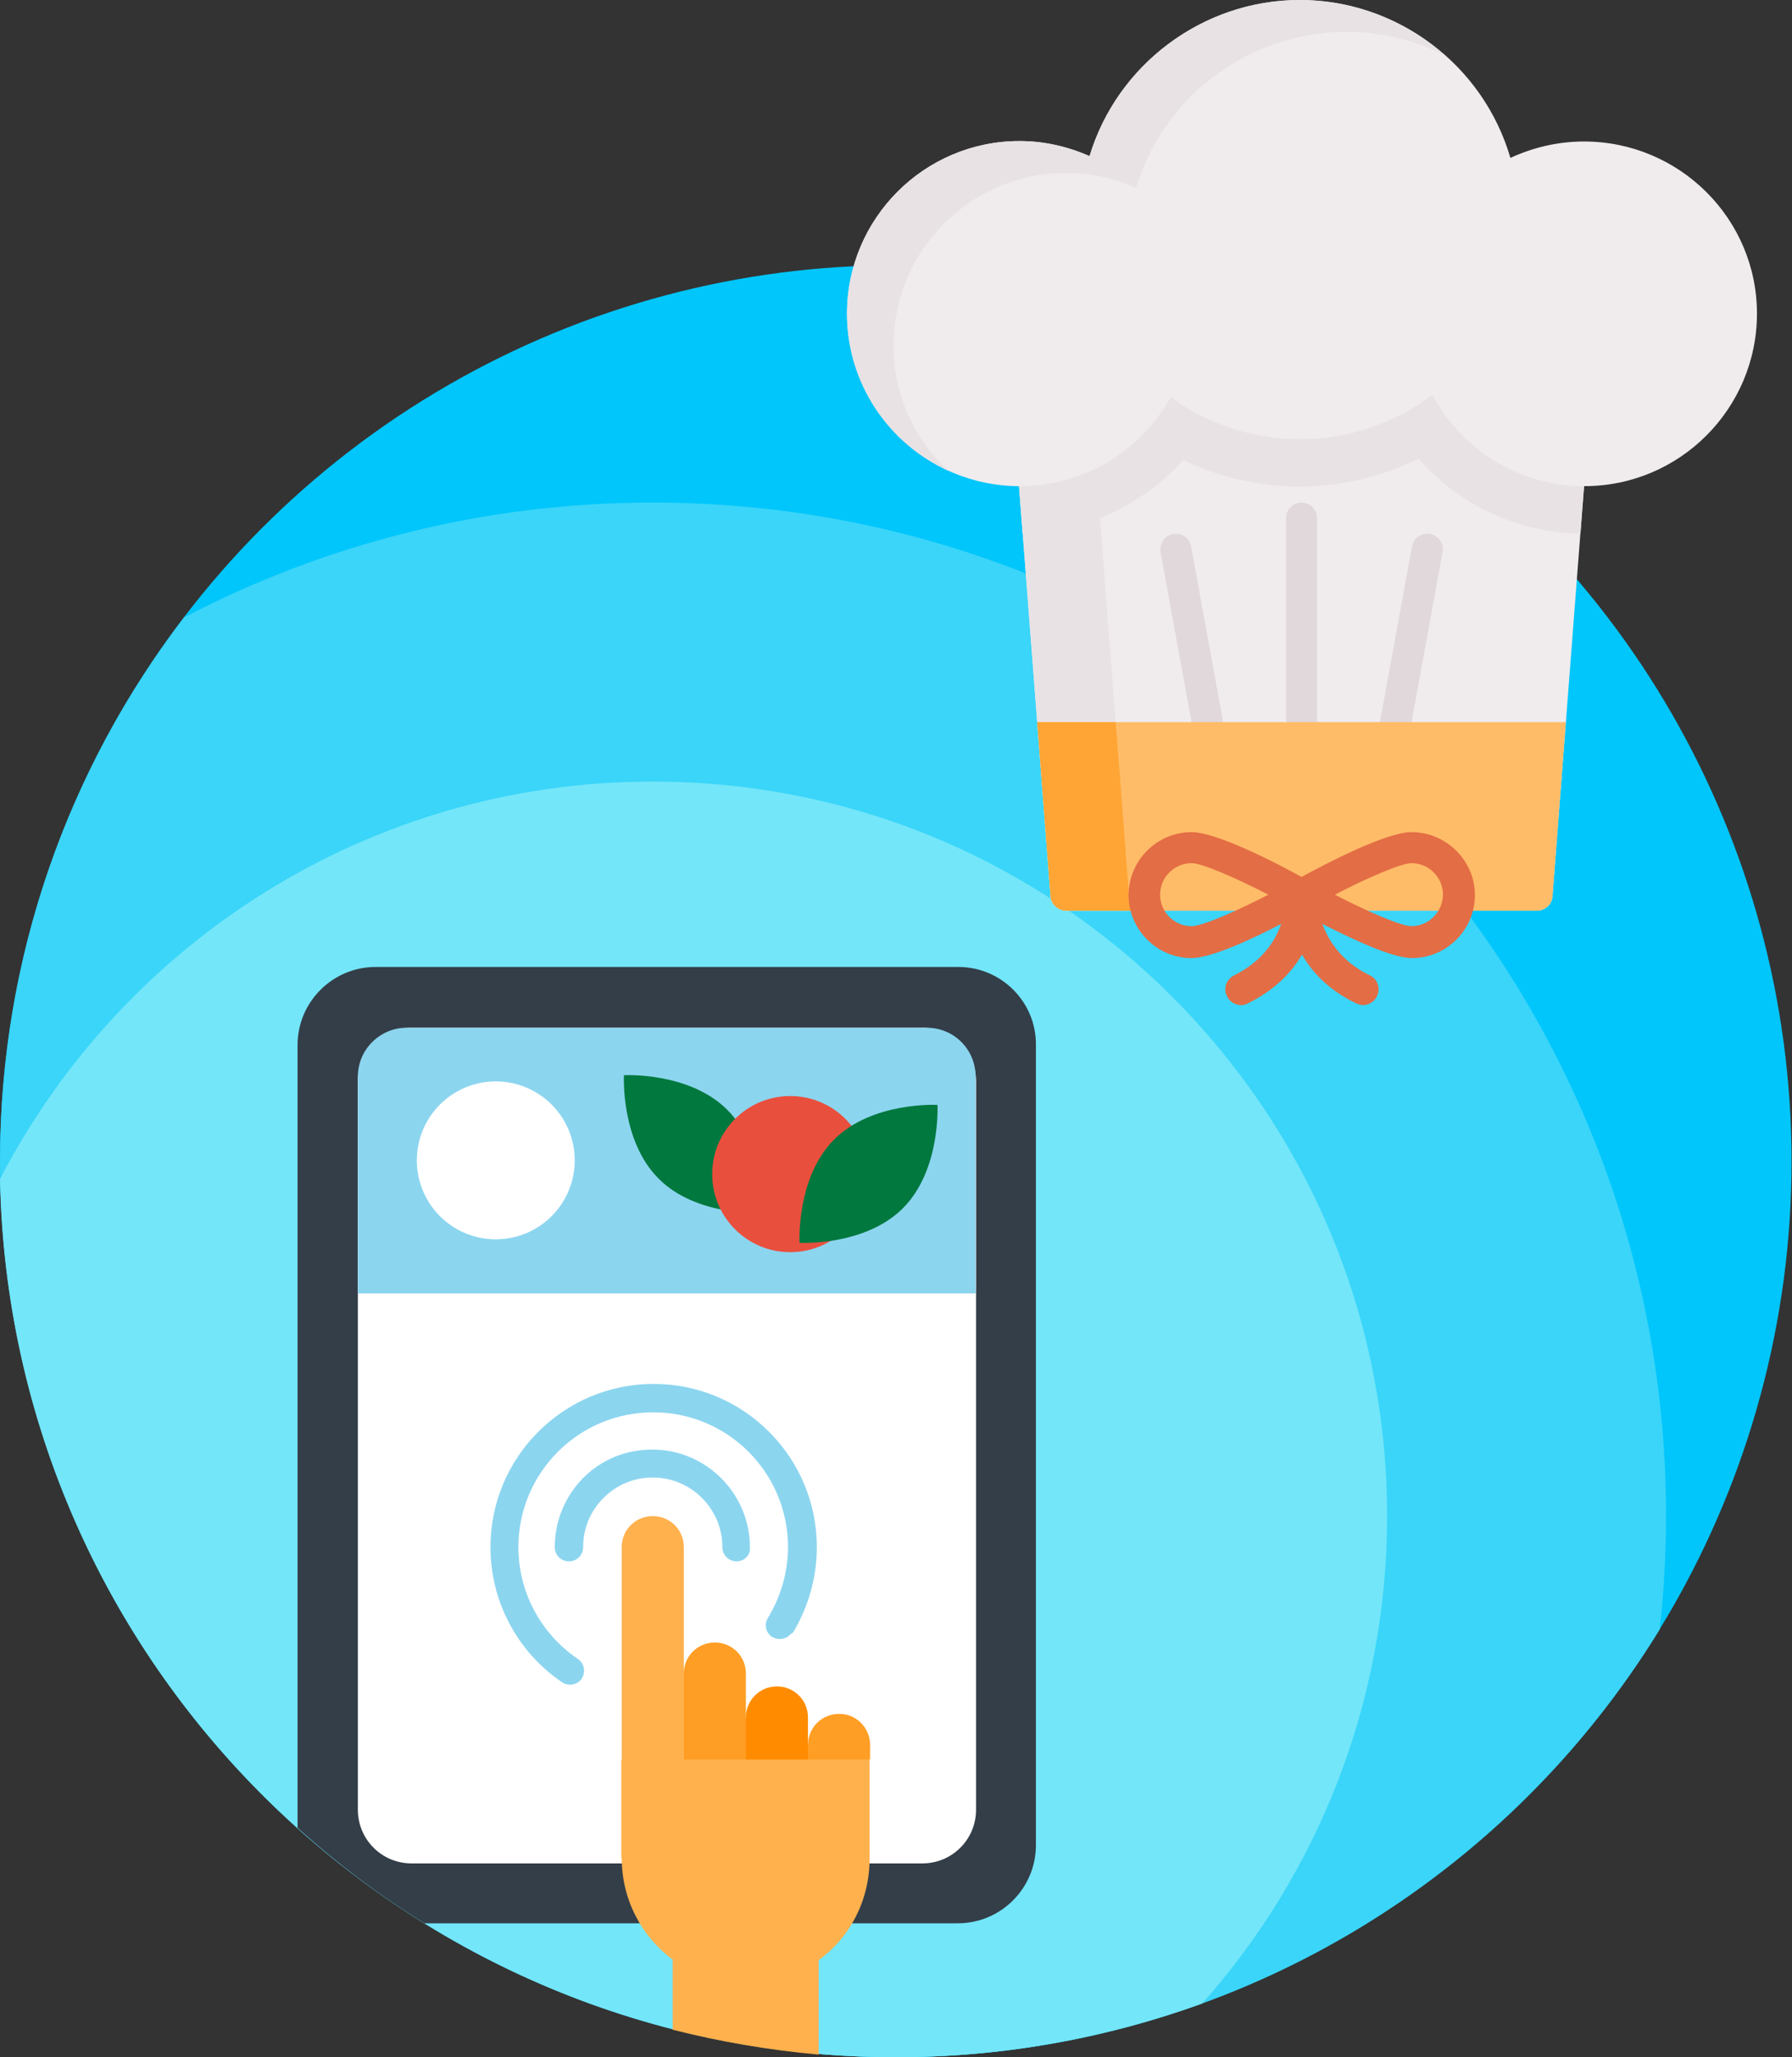 <?xml version="1.0" encoding="utf-8"?>
<!-- Generator: Adobe Illustrator 23.0.1, SVG Export Plug-In . SVG Version: 6.00 Build 0)  -->
<svg version="1.1" id="Layer_1" xmlns="http://www.w3.org/2000/svg" xmlns:xlink="http://www.w3.org/1999/xlink" x="0px" y="0px"
	 viewBox="0 0 404.1 463.8" style="enable-background:new 0 0 404.1 463.8;" xml:space="preserve">
<rect x="0" y="0" width="404.1" height="463.8" fill="#333333" stroke="none"/>
<style type="text/css">
	.st0{fill:#00C6FB;}
	.st1{fill:#3AD5F9;}
	.st2{fill:#73E6F9;}
	.st3{fill:#333E48;}
	.st4{fill:#FFFFFF;}
	.st5{fill:#8CD5EF;}
	.st6{fill:#00783E;}
	.st7{fill:#E94F3D;}
	.st8{fill:#FFB14D;}
	.st9{fill:#FF9E24;}
	.st10{fill:#FF8C00;}
	.st11{fill:#F0ECED;}
	.st12{fill:#E8E2E4;}
	.st13{fill:#E1D8DC;}
	.st14{fill:#FFBC68;}
	.st15{fill:#FFA535;}
	.st16{fill:#E36D45;}
</style>
<g>
	<circle class="st0" cx="202" cy="261.8" r="202"/>
	<path class="st1" d="M147.2,113.3c-38.2,0-74.1,9.4-105.7,25.9C15.5,173.1,0,215.6,0,261.8c0,111.6,90.5,202,202,202
		c72.9,0,136.8-38.6,172.3-96.5c0.9-8.4,1.4-16.9,1.4-25.5C375.8,215.6,273.4,113.3,147.2,113.3z"/>
	<path class="st2" d="M147.2,176.2c-64.1,0-119.6,36.4-147.2,89.6c2.1,109.7,91.7,198,202,198c24.3,0,47.5-4.3,69.1-12.1
		c25.9-29.2,41.7-67.7,41.7-109.9C312.8,250.3,238.7,176.2,147.2,176.2z"/>
	<path class="st3" d="M216.1,218H84.7c-9.7,0-17.6,7.9-17.6,17.6v176.5c8.9,8,18.4,15.2,28.6,21.5h120.3c9.7,0,17.6-7.9,17.6-17.6
		V235.6C233.7,225.9,225.8,218,216.1,218z"/>
	<path class="st4" d="M92.8,231.7H208c6.7,0,12.1,5.4,12.1,12.1v164.2c0,6.7-5.4,12.1-12.1,12.1H92.8c-6.7,0-12.1-5.4-12.1-12.1
		V243.7C80.7,237.1,86.1,231.7,92.8,231.7z"/>
	<path class="st5" d="M91.7,231.7h117.3c6.1,0,11,4.9,11,11v48.9H80.7v-48.9C80.7,236.6,85.7,231.7,91.7,231.7z"/>
	<g>
		<path class="st6" d="M148.5,265.7c-8.6-8.6-7.8-23.3-7.8-23.3s14.7-0.8,23.3,7.8c8.6,8.6,7.8,23.3,7.8,23.3S157,274.3,148.5,265.7
			z"/>
		<circle class="st7" cx="178.2" cy="264.7" r="17.6"/>
		<path class="st6" d="M203.6,272.4c8.6-8.6,7.8-23.3,7.8-23.3s-14.7-0.8-23.3,7.8c-8.6,8.6-7.8,23.3-7.8,23.3S195,281,203.6,272.4z
			"/>
	</g>
	<circle class="st4" cx="111.8" cy="261.6" r="17.8"/>
	<g>
		<path class="st5" d="M168.3,351.1c-0.6,0.6-1.4,0.9-2.2,0.9c-1.8,0-3.2-1.4-3.2-3.2c0-8.6-7-15.7-15.7-15.7
			c-4.2,0-8.1,1.6-11.1,4.6c-3,3-4.6,6.9-4.6,11.1c0,1.8-1.4,3.2-3.2,3.2c-1.8,0-3.2-1.4-3.2-3.2c0-5.9,2.3-11.4,6.4-15.6
			c4.2-4.2,9.7-6.4,15.6-6.4c12.1,0,22,9.9,22,22C169.2,349.7,168.9,350.5,168.3,351.1z"/>
		<path class="st5" d="M178.1,368.6c-1,1-2.6,1.2-3.9,0.5c-1.5-0.9-2-2.9-1-4.4c2.9-4.8,4.5-10.3,4.5-15.9
			c0-16.8-13.6-30.4-30.4-30.4c-16.8,0-30.4,13.6-30.4,30.4c0,10.1,5,19.5,13.4,25.2c1.5,1,1.8,3,0.9,4.4c-1,1.5-3,1.8-4.4,0.9
			c-10.2-6.9-16.2-18.3-16.2-30.5c0-20.3,16.5-36.8,36.8-36.8c20.3,0,36.8,16.5,36.8,36.8c0,6.8-1.9,13.5-5.4,19.3
			C178.4,368.3,178.2,368.5,178.1,368.6z"/>
	</g>
	<path class="st8" d="M154.2,377.4l3.2,25.6l-17.2-6.4c0-20.8,0-47.8,0-47.8c0-3.9,3.1-7,7-7c3.9,0,7,3.1,7,7V377.4z"/>
	<path class="st9" d="M168.2,387.2l3.2,15.7h-17.2v-25.6c0-3.9,3.1-7,7-7c3.9,0,7,3.1,7,7L168.2,387.2z"/>
	<path class="st10" d="M182.2,393.3l3.2,9.6h-17.2v-15.7c0-3.9,3.1-7,7-7c3.9,0,7,3.1,7,7L182.2,393.3z"/>
	<path class="st9" d="M196.2,393.3c0,0,0,1.2,0,3.3l-14,6.4v-9.6c0-3.9,3.1-7,7-7C193,386.3,196.2,389.5,196.2,393.3z"/>
	<g>
		<path class="st11" d="M359.8,61.3c-0.7-0.7-1.6-1.1-2.6-1.1H229.8c-1,0-1.9,0.4-2.6,1.1c-0.7,0.7-1,1.7-0.9,2.7l10.6,138
			c0.1,1.8,1.7,3.3,3.5,3.3h106.2c1.8,0,3.4-1.4,3.5-3.3l10.6-138C360.8,63,360.5,62,359.8,61.3z"/>
		<path class="st12" d="M254.6,202L244,64c-0.1-1,0.3-2,0.9-2.7c0.7-0.7,1.6-1.1,2.6-1.1h-17.7c-1,0-1.9,0.4-2.6,1.1
			c-0.7,0.7-1,1.7-0.9,2.7l10.6,138c0.1,1.8,1.7,3.3,3.5,3.3h17.7C256.3,205.3,254.7,203.8,254.6,202z"/>
		<g>
			<path class="st13" d="M293.5,166.3c-2,0-3.5-1.6-3.5-3.5v-46c0-2,1.6-3.5,3.5-3.5c2,0,3.5,1.6,3.5,3.5v46
				C297,164.8,295.5,166.3,293.5,166.3z"/>
			<path class="st13" d="M314.7,166.3c-0.2,0-0.4,0-0.6-0.1c-1.9-0.3-3.2-2.2-2.8-4.1l7.1-38.9c0.3-1.9,2.2-3.2,4.1-2.8
				c1.9,0.3,3.2,2.2,2.8,4.1l-7.1,38.9C317.9,165.1,316.4,166.3,314.7,166.3z"/>
			<path class="st13" d="M272.3,166.3c-1.7,0-3.2-1.2-3.5-2.9l-7.1-38.9c-0.3-1.9,0.9-3.8,2.8-4.1c1.9-0.4,3.8,0.9,4.1,2.8l7.1,38.9
				c0.3,1.9-0.9,3.8-2.8,4.1C272.7,166.3,272.5,166.3,272.3,166.3z"/>
		</g>
		<path class="st12" d="M357.2,60.2H229.8c-1,0-1.9,0.4-2.6,1.1c-0.7,0.7-1,1.7-0.9,2.7l4.3,56.3c14-0.2,27.1-6.4,36.2-16.6
			c8.1,3.9,17,6,26.2,6c9.5,0,18.6-2.2,26.9-6.3c2.6,3,5.6,5.7,8.9,8c8.1,5.7,17.7,8.8,27.6,8.9l4.3-56.3c0.1-1-0.3-2-0.9-2.7
			C359.1,60.6,358.2,60.2,357.2,60.2z"/>
		<path class="st11" d="M357.2,31.9c-5.8,0-11.4,1.3-16.6,3.7C334.5,14.7,315.2,0,293.1,0c-21.9,0-41.2,14.6-47.4,35.2
			c-5-2.2-10.3-3.4-15.8-3.4c-21.5,0-38.9,17.5-38.9,38.9s17.5,38.9,38.9,38.9c14.4,0,27.3-7.8,34.1-20.1c8.4,6.2,18.6,9.5,29.2,9.5
			c10.8,0,21.2-3.5,29.8-10c2.9,5.4,7,10,12,13.6c6.6,4.6,14.3,7,22.3,7c21.5,0,38.9-17.5,38.9-38.9S378.7,31.9,357.2,31.9z"/>
		<path class="st12" d="M201.5,77.9c0-21.5,17.5-38.9,38.9-38.9c5.5,0,10.9,1.2,15.8,3.4c6.2-20.7,25.5-35.2,47.4-35.2
			c7.8,0,15.3,1.8,21.9,5.1C316.8,4.6,305.4,0,293.1,0c-21.9,0-41.2,14.6-47.4,35.2c-5-2.2-10.3-3.4-15.8-3.4
			c-21.5,0-38.9,17.5-38.9,38.9c0,15.8,9.4,29.4,23,35.5C206.2,99.2,201.5,89.1,201.5,77.9z"/>
		<path class="st14" d="M233.9,162.8l3,39.2c0.1,1.8,1.7,3.3,3.5,3.3h106.2c1.8,0,3.4-1.4,3.5-3.3l3-39.2H233.9z"/>
		<path class="st15" d="M254.6,202l-3-39.2h-17.7l3,39.2c0.1,1.8,1.7,3.3,3.5,3.3h17.7C256.3,205.3,254.7,203.8,254.6,202z"/>
		<path class="st16" d="M318.3,187.6c-5.7,0-19.3,7.1-24.8,10.1c-5.4-3-19.1-10.1-24.8-10.1c-7.8,0-14.2,6.4-14.2,14.2
			s6.4,14.2,14.2,14.2c4.4,0,13.7-4.3,20.2-7.7c-1.3,3.8-4.2,8.4-10.6,11.6c-1.8,0.9-2.5,3-1.6,4.7c0.6,1.3,1.9,2,3.2,2
			c0.5,0,1-0.1,1.5-0.4c6.1-3,9.9-7,12.2-11c2.3,4,6,8,12.2,11c0.5,0.2,1,0.4,1.5,0.4c1.3,0,2.6-0.7,3.2-2c0.9-1.8,0.1-3.9-1.6-4.7
			c-6.4-3.1-9.3-7.8-10.7-11.6c6.5,3.3,15.7,7.7,20.2,7.7c7.8,0,14.2-6.4,14.2-14.2S326.1,187.6,318.3,187.6z M268.7,208.8
			c-3.9,0-7.1-3.2-7.1-7.1c0-3.9,3.2-7.1,7.1-7.1c2.4,0,9.9,3.3,17.3,7.1C278.7,205.5,271.1,208.8,268.7,208.8z M318.3,208.8
			c-2.4,0-9.9-3.3-17.3-7.1c7.4-3.8,14.9-7.1,17.3-7.1c3.9,0,7.1,3.2,7.1,7.1C325.3,205.6,322.2,208.8,318.3,208.8z"/>
	</g>
	<path class="st8" d="M140.2,418.9c0,9.4,4.5,17.7,11.5,22.9l0,15.8c10.7,2.7,21.7,4.6,32.9,5.6v-21.3c7.1-5.1,11.5-13.5,11.5-22.9
		v-22.3l-56,0V418.9z"/>
</g>
</svg>

┄┄┄┄┄┄┄┄┄┄┄┄┄┄┄┄┄┄┄┄

§ WHAT YOU SHOULD DO: The number of lines above where the word "circle" occurs, and only that number, is the answer.

§ COMPLETED TASK: 3